A recent survey conducted by the Wall Street Journal Online and Harris Interactive has found that despite the passing of the Sarbanes-Oxley legislation three years ago, more than half (55%) of US investors think that the financial and accounting regulations governing publicly held companies are too lenient.
The survey additionally found that regardless of government regulation, investors are more likely to believe that punishment for poor corporate governance should be directed at certain individuals rather than the company as a whole.
In addition, almost one-third (30%) of investors say they have reduced or divested their holdings in a company as a result of poor corporate governance.
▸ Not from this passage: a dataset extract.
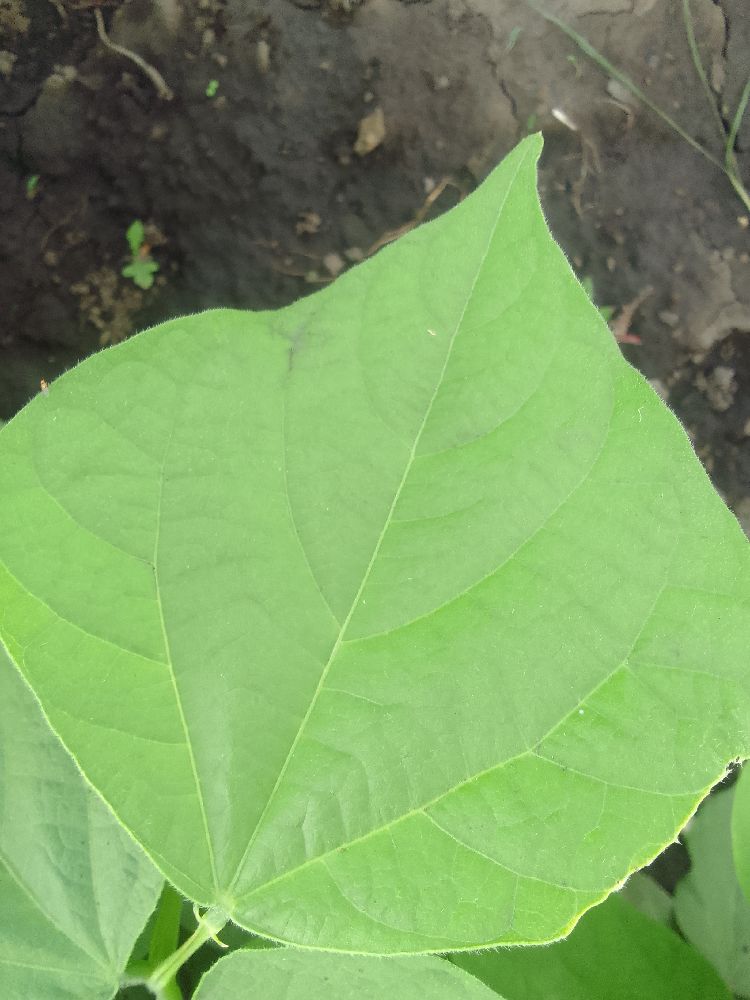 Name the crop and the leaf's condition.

According to the poll, only one-quarter (25%) of investors felt that the Sarbanes-Oxley legislation has made the communication of financial information by companies much more or somewhat more transparent. Around one in 10 (11%) investors actually stated that in their opinion, the legislation has had the opposite effect.
While just under half (45%) of investors believed that boards of directors are most responsible for corporate governance, ahead of the CEO (22%), senior management (19%) and all employees (14%), about two-thirds (66%) thought that boards of directors are only somewhat or not at all effective in overseeing the companies they govern.
However, the survey results revealed that should a company exhibit poor corporate governance, investors are split as to who should receive punishment. Similar numbers believed the executives (48%) and the board of directors (42%) should be punished and only 10% believed that punishment should be directed at the company.
"The clear message, when you look at recent corporate scandals, is the folks who got hurt the most were the employees and this poll indicates that's not what the public wants," observed Robert Fronk, senior vice president of the Harris-Wirthlin Brand and Strategy Consulting Practice. He added: "Someone needs to pay the price, but they want that someone to be those who were personally responsible."
Harris Interactive conducted the survey online within the United States between Oct. 4 and 6, 2005, among a nationwide cross section of 2,061 adults aged 18 and over, of whom 1,248 were investors.